Hey @danbull-lynker - thanks for checking out cuSpatial!

There's a few things to talk about here, but the biggest thing is that cuSpatial today only has a limited subset of geopandas functionality that's been brought over to the GPU. Also, while we do our best to make the API the same or very similar to geopandas that's not always the case.

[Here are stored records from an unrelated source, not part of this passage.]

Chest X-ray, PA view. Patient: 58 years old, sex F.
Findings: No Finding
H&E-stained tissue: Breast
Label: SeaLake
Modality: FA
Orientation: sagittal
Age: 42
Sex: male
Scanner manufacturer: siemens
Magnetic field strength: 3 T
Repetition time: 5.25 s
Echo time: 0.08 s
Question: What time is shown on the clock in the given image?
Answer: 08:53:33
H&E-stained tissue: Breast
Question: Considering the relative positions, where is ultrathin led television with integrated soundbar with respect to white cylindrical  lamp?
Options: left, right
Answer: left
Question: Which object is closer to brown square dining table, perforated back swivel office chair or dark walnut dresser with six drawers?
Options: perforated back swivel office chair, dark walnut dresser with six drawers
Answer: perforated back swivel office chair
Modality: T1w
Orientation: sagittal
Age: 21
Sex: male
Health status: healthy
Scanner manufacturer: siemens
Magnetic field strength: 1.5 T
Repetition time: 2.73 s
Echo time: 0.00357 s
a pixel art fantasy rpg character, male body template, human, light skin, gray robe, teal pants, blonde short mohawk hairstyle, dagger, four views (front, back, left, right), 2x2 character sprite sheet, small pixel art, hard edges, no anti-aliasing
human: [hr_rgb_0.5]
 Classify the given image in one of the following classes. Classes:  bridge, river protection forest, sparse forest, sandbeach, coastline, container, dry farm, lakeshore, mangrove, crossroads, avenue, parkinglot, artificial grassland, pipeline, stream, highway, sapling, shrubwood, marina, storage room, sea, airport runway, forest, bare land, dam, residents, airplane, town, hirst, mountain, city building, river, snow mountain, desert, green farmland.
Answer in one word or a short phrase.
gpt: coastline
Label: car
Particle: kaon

Specifically, dissolve, explode, polygon-polygon intersection and things like inherent length and area data in geometry objects aren't yet a part of cuSpatial.

A few thoughts:

  • We make it easy to accelerate what we can, and then use geopandas for the rest using to_geopandas() and from_geopandas()
    • Our user guide gives strong examples of our supported functions, and our API docs as well
    • Things like linestring-linestring intersection, point-in-polygon or any of the DE9-IM binary predicates are highly accelerated in cuSpatial (and non-spatial data analytics are accelerated by cuDF)
    • .apply() calls aren't strictly supported in cuSpatial and are inherited from cuDF so they can only be used for non-spatial algorithms
      • Even for cuDF supported calls, they need to be able to compile into a GPU kernel to be accelerated, here's the cuDF overview on user-defined functions for use with .apply()
      • .apply() also in general isn't the most performant method and in geopandas itself you may find success attempting to remove it and replace with direct calls against the geoseries/geodataframes
        • It's usually faster to perform an operation against the entire series all at once and save the results in a new column, then use that new column to do downstream processing

This isn't quite a bug, but I'm happy to keep discussing this with you to see where we could fit cuSpatial into your workflow so I'm going to convert this to a discussion.

If there are specific features/functionality you'd like to see (ie dissolve) please submit a feature request for them!